Voci da mondi diversi. Asia
il libro ritrovato
Recensione de “Il passo dell’eroe” e intervista ad Anita Rau Badami
Un telefono squilla a lungo, una
mattina presto nella Grande Casa dei Rao a Toturpuram, in India, una voce
lontana porta la notizia che la figlia di Sripathi è morta in un incidente
d’auto in Canada. Un dolore che scende nelle viscere, perdere un figlio- c’era
stato un legame strettissimo tra Sripathi e la figlia Maya, un amore assoluto,
un’intesa fin da quando lui aveva visto la bimba appena nata. E il dolore è
intensificato dal rimorso, dalla sensazione della perdita di anni non goduti,
perché Sripathi aveva ripudiato sua figlia quando lei aveva sposato uno
straniero. “Il passo dell’eroe” (Ed. Marsilio, pagg. 407, Euro 19,00) della
scrittrice indiana Anita Rau Badami è un romanzo sui legami famigliari, sul
senso di perdita, sulle aspettative deluse e sull’accettazione degli altri,
attraverso la storia della famiglia Rao, tre generazioni che convivono nella
vecchia casa, una volta splendida e ora fatiscente.

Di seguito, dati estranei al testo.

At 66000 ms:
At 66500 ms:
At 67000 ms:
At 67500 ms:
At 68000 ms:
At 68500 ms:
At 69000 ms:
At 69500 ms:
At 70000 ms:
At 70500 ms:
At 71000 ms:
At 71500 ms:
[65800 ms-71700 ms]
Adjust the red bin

Quando la piccola Nandana
arriva dal Canada a vivere con i nonni che non ha mai conosciuto, sono i suoi
occhi di bambina di sette anni che osservano le stranezze dei comportamenti di
una bisnonna egoista e avara, di una zia che non si è mai sposata perché la
madre ha rifiutato per lei tutti i pretendenti, dello zio pacifista che non
lavora e partecipa ad ogni manifestazione, del nonno che si sente ancora in
colpa per non aver studiato medicina come avrebbe voluto sua madre- solo la
nonna dal cuore grande si salva in questo paese nuovo di cui nulla le piace.
Una serie di catastrofi finali- una morte, una malattia, un rapimento, un
tracimare delle fogne- culminerà con un violento monsone che laverà via
vecchiumi e pregiudizi, dolori e risentimenti.

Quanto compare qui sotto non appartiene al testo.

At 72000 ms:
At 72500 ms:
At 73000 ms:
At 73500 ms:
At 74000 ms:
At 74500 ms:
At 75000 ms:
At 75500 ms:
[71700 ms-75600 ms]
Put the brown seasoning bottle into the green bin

C’è un’immagine che ritorna di frequente,
nel romanzo di Anita Rau Badami, ed è quella del dio eroe, che incede con passo
dignitoso, coraggioso ma umile, in contrasto con quello del suo presuntuoso
rivale. E forse è un eroe che può passare per antieroe, Sripathi Rao, l’uomo
vissuto nell’ombra di un padre che era uno stimato avvocato, ma anche un
puttaniere che regalava gioielli falsi alla moglie, manteneva delle amanti, ed
era morto lasciandoli in rovina. Sripathi è un copywriter senza immaginazione,
un Herzog che si sfoga scrivendo lettere quotidiane di protesta ai giornali, un
figlio, un marito, un padre e un nonno che si prende carico di tutti, anche se
la sua rigidità gli ha fatto perdere una figlia e lo ha allontanato dal figlio.

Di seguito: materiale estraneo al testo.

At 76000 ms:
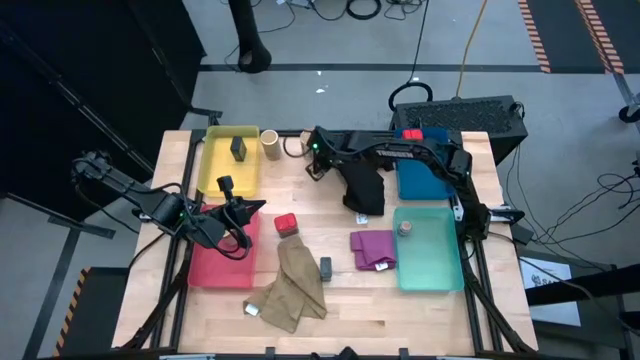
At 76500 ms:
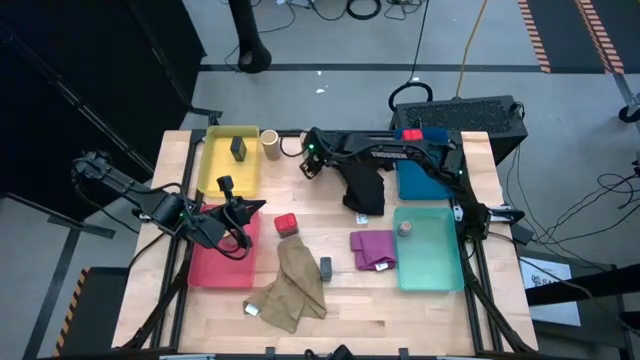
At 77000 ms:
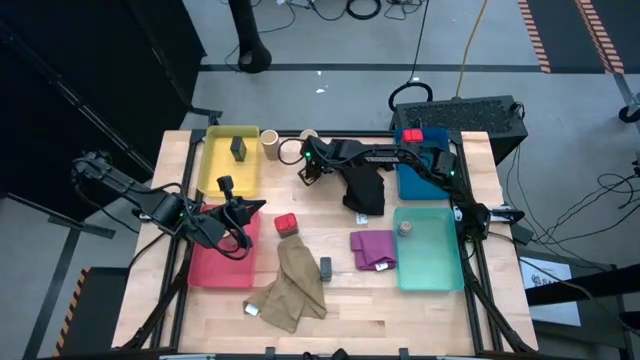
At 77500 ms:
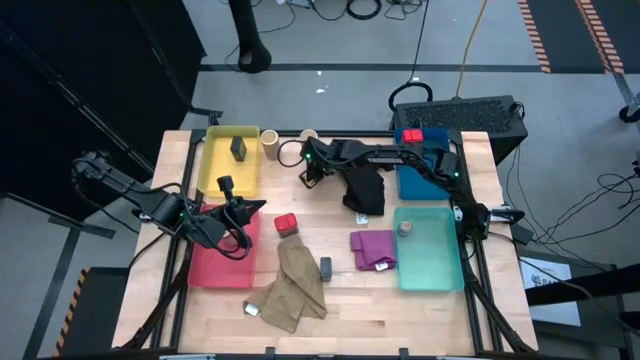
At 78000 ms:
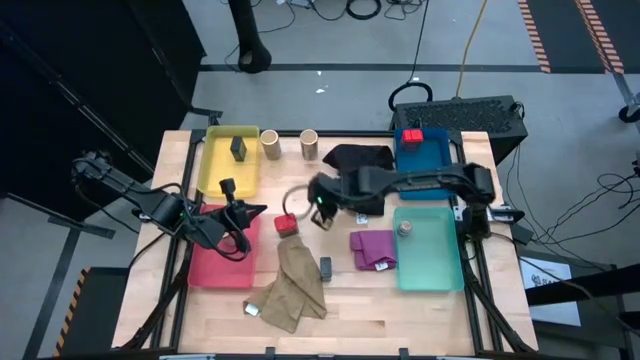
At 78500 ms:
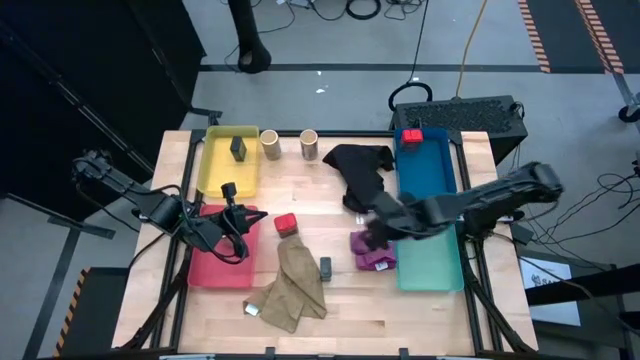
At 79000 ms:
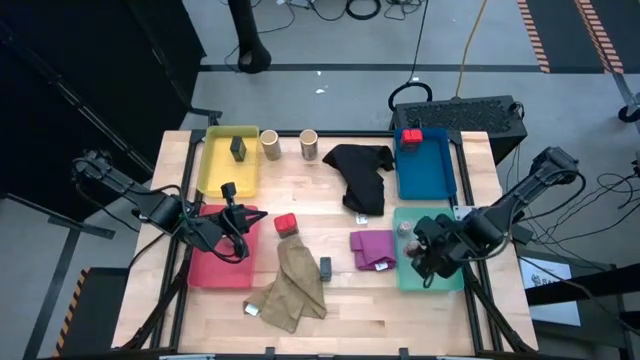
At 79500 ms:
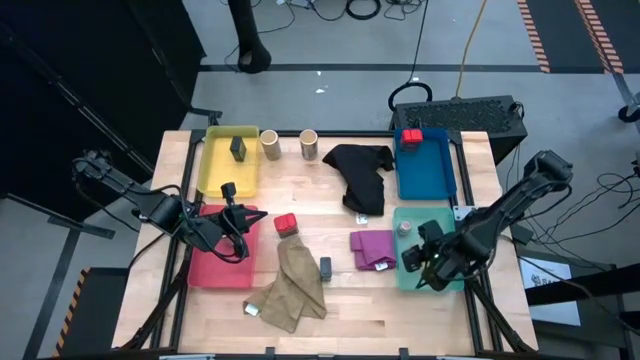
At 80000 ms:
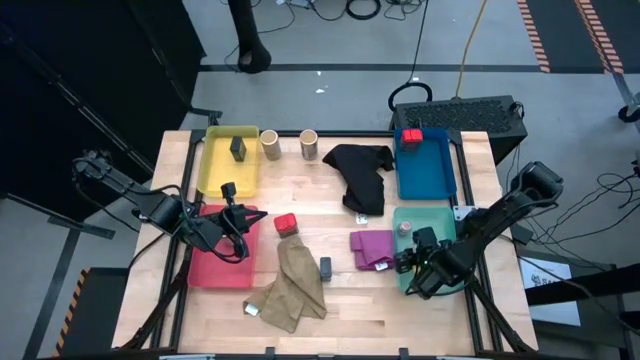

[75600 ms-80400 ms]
Put the brown seasoning bottle into the green bin

Ma tutti i personaggi del romanzo soffrono di una perdita, anche quelli minori,
l’amico Raju che è rimasto solo con una figlia disabile, la vicina di casa
pazza che continua ad aspettare la sua bambina che è scomparsa, persino la
bisbetica bisnonna, andata sposa a tredici anni e tradita dal marito, e
soprattutto la piccola Nandana, che ha perso entrambi i genitori e il mondo in
cui ha vissuto. Con finezza psicologica e tocco leggero, Anita Rau Badami ha scritto
un romanzo sul vecchio e sul nuovo, sulle diversità che l’amore e la generosità
possono colmare. Stilos ha intervistato Anita Rau Badami, che è nata e
cresciuta in India ma vive dal 1991
in Canada, dove insegna alla British University of
Columbia.
Il suo secondo nome è Rau e il cognome della famiglia nel suo romanzo è
Rao: è sua la voce della deliziosa bambina del libro?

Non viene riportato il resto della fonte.